Today we discussed this integral $$ \oint_{|z|=10} \frac{1}{(z-1)(z-2)} dz $$ where the contour is a CCW (counter-clockwise) circle of radius $10$ (or any radius $R > 2$, that encloses $1,2$)

We used three methods to show that this is zero. Denote the integrand by $f(z)$, namely $f(z) = \frac{1}{(z-1)(z-2)}$.

We apply residue theorem, and computed $$ Res_{z=1} f(z) = \frac{1}{z-2}|_{z=1} = -1. $$ $$ Res_{z=2} f(z) = \frac{1}{z-1}|_{z=2} = 1. $$ Hence the result of the contour integral, denoted by $I$ is $$ I = (2 \pi i) [Res_{z=1} f(z) + Res_{z=2} f(z)] = 0 .$$

We can deform the contour $C$, as long as the integrand $f(z)$ when restricted to the contour remains a holomorphic function during the deformation. The resulting integral is invariant under the deformation.

Thus, we may change the circle $|z|=10$ to $|z|=R$, and let $R$ tends to $\infty$. Let $I_R$ be the integral on the contour $|z|=R$. We have two claims

• $I_R$ is independent of $R$. This is because the function $f(z)$ has no pole in the region swept out by the contour deformation, namely between $|z|=10$ and $|z|=R$.
• We have the following estimate of $|I_R|$.
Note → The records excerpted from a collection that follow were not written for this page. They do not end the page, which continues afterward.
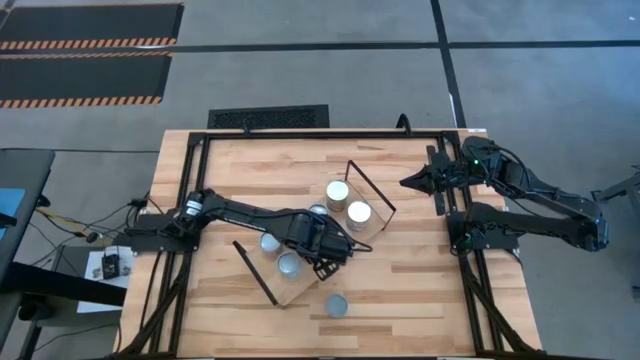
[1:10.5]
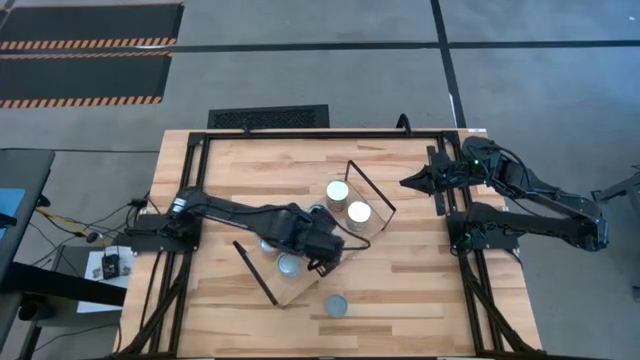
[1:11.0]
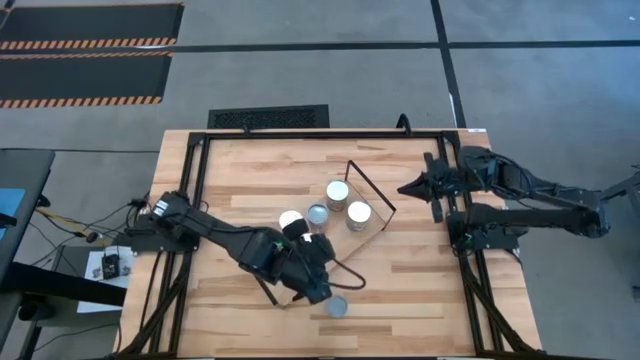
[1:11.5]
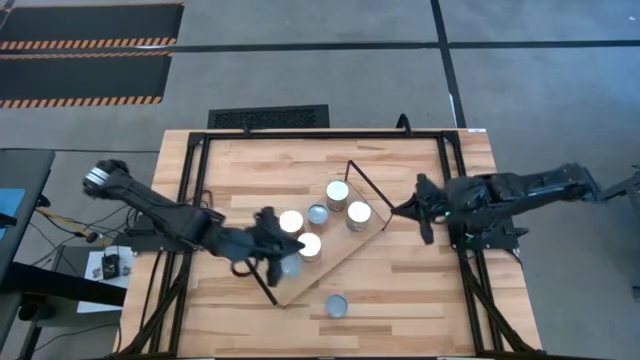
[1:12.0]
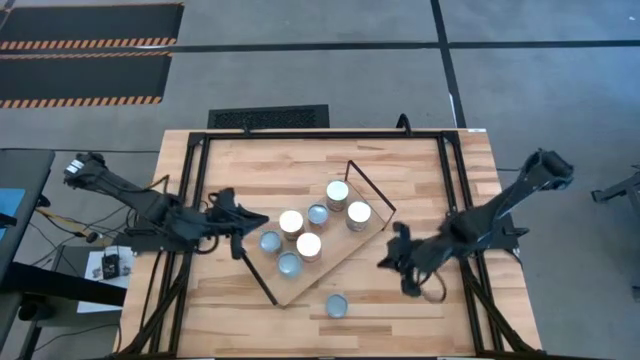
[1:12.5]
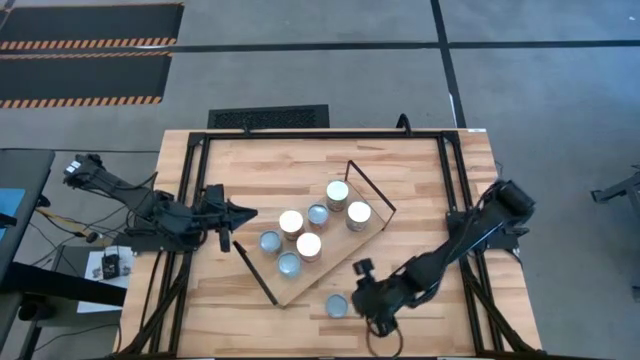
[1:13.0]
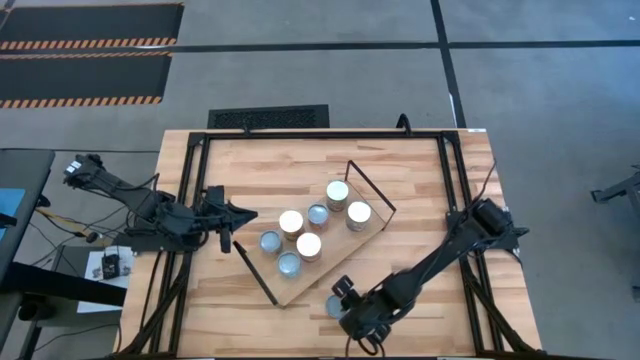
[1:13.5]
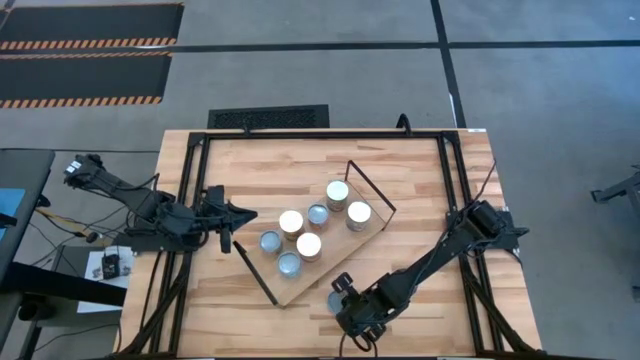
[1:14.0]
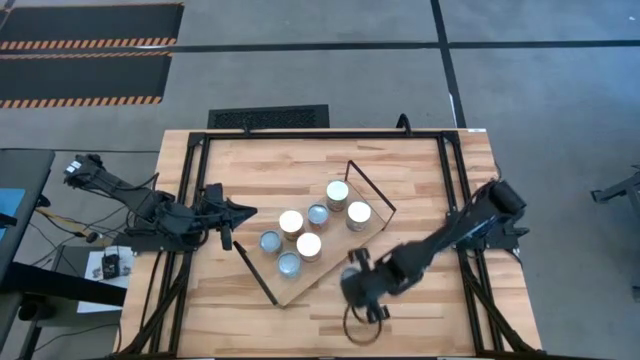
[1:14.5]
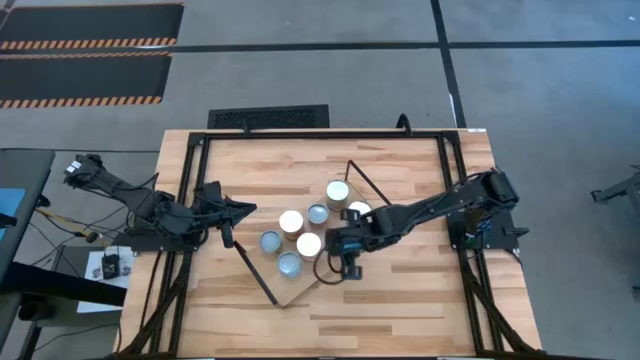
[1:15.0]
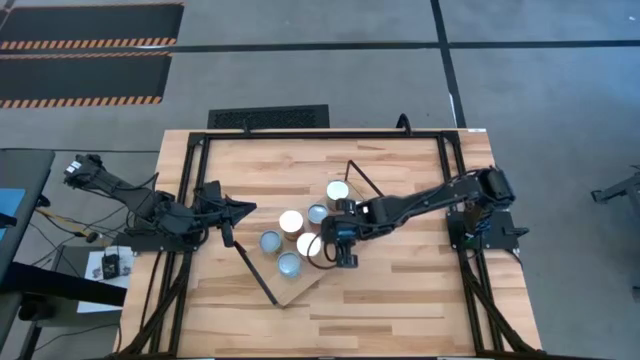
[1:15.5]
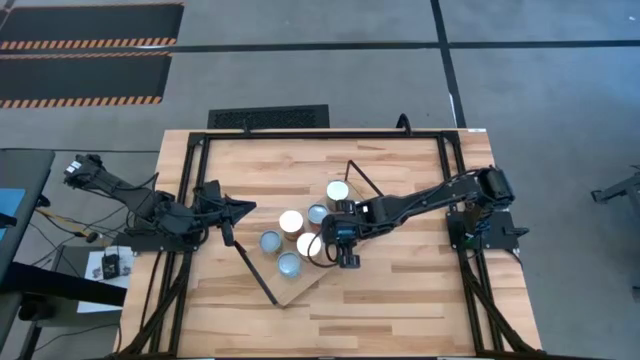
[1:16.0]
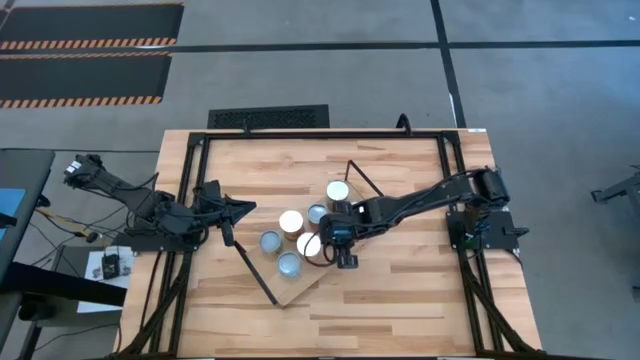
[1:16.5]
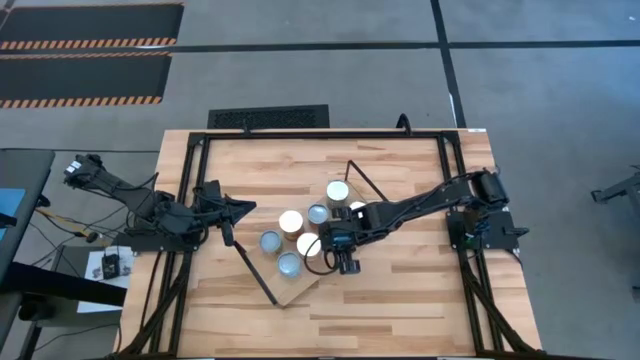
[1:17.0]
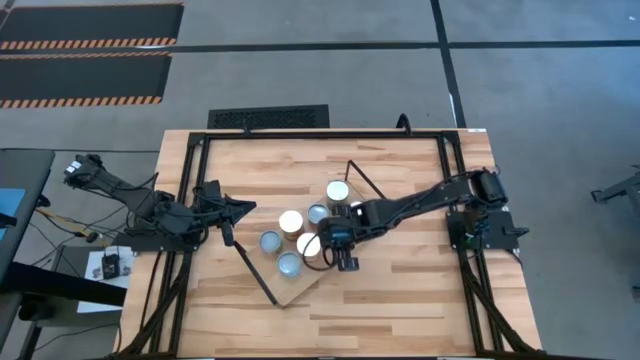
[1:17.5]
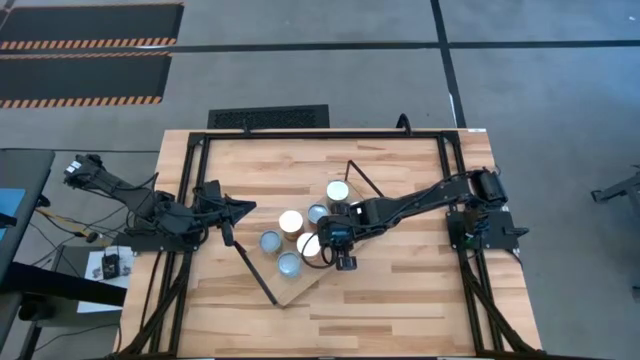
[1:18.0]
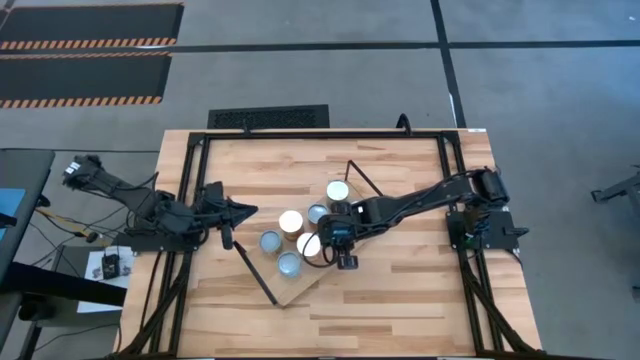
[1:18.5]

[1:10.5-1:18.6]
Task: Pick and place cans onto a shelf
Put the canned peas on the shelf

$$ |I_R| \leq \oint_{|z|=R} | f(z) | |dz| \leq \oint_{|z|=R} \frac{1}{|z-1| |z-2| } |dz| $$ By triangle inequality for complex numbers, $$ |a| + |b| \geq |a+b| \geq | |a| - |b| |, $$ we have for any $z$ with $|z|=R > 10$ $$ |z-1| \geq |z|-1 = R-1 > 0, \quad |z-2| \geq |z|-2 = R - 2 > 0, $$ hence $$ \frac{1}{|z-1| |z-2| } \leq \frac{1}{(R-1)(R-2)} $$ on the contour $|z|=R$. Thus $$ \oint_{|z|=R} \frac{1}{|z-1| |z-2| } |dz| \leq \frac{1}{(R-1)(R-2)} \oint |dz| = \frac{1}{(R-1)(R-2)} (2\pi R) $$ To summarize, we have $$ 0 \leq |I_R| \leq \frac{2\pi R}{(R-1)(R-2)}. $$